### [About this exercise]
Your answer must be an exact copy of the entries below, with no pictures in it.
Supplied records below:
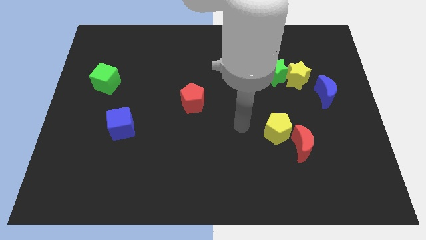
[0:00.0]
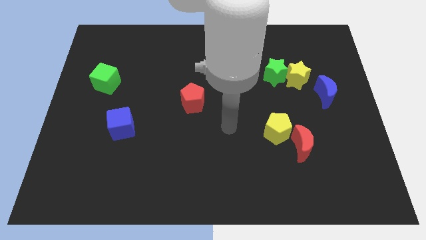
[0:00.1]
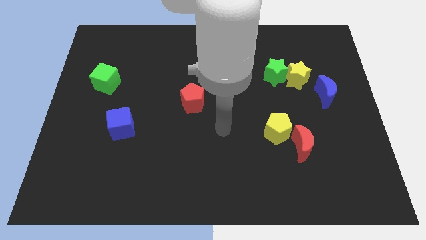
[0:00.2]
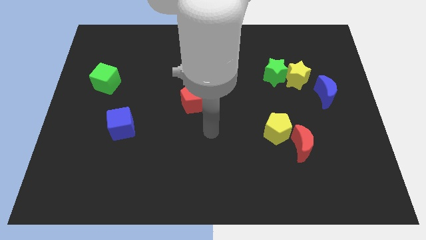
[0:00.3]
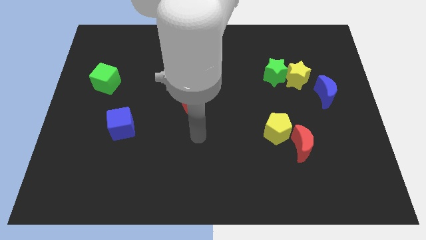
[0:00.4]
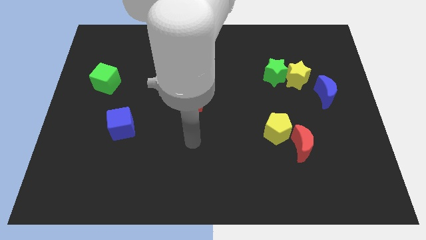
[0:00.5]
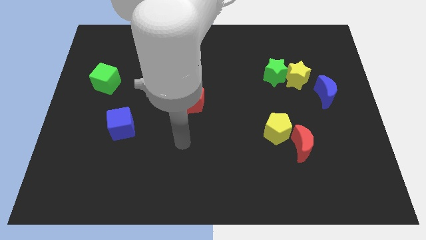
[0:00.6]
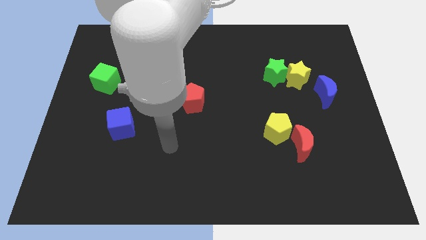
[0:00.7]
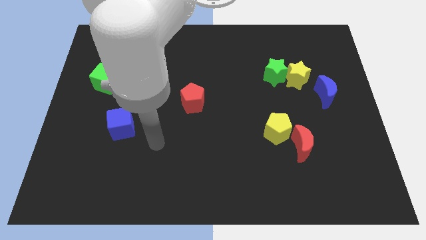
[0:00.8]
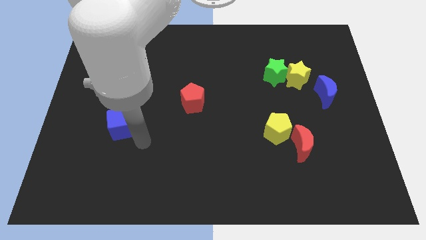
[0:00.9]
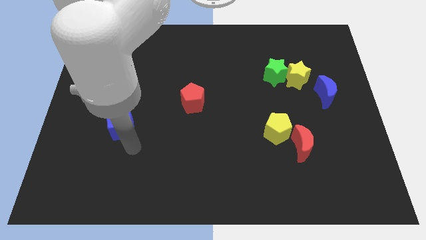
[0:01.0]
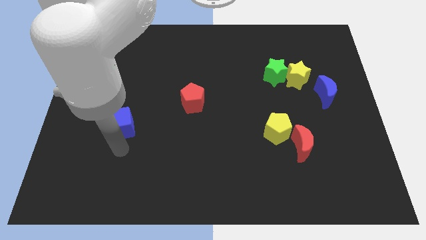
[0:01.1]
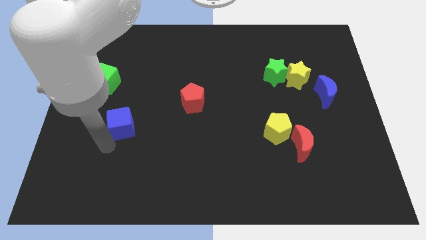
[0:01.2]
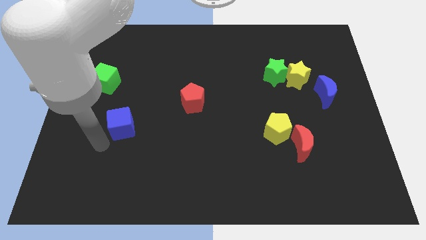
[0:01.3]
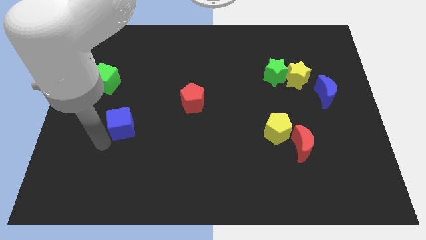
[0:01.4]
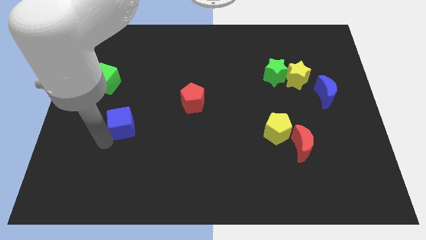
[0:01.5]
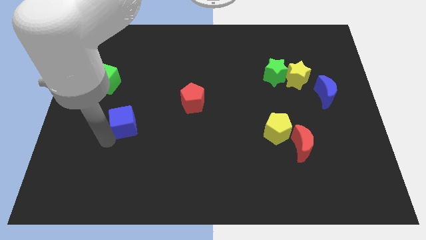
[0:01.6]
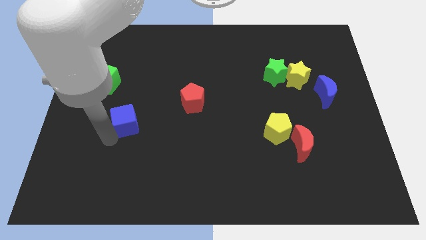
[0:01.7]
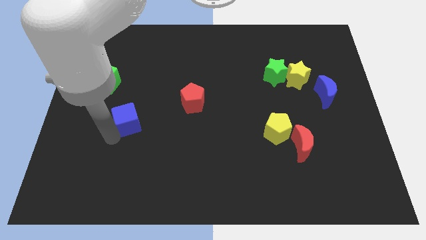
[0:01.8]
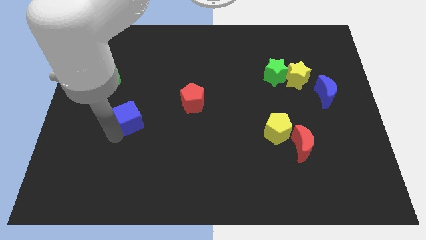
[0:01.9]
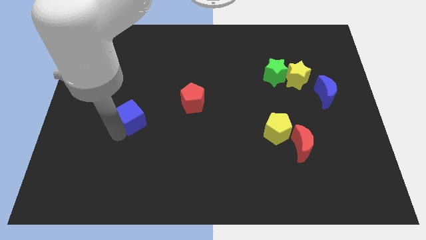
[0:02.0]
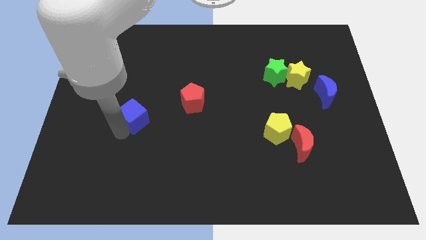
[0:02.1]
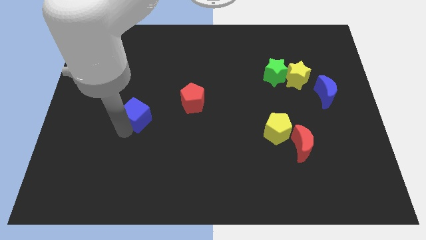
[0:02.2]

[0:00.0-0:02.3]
move the blue cube just left of the red pentagon
End of Supplied records.
### [Output for this task]
[0:00.0]
[0:00.1]
[0:00.2]
[0:00.3]
[0:00.4]
[0:00.5]
[0:00.6]
[0:00.7]
[0:00.8]
[0:00.9]
[0:01.0]
[0:01.1]
[0:01.2]
[0:01.3]
[0:01.4]
[0:01.5]
[0:01.6]
[0:01.7]
[0:01.8]
[0:01.9]
[0:02.0]
[0:02.1]
[0:02.2]

[0:00.0-0:02.3]
move the blue cube just left of the red pentagon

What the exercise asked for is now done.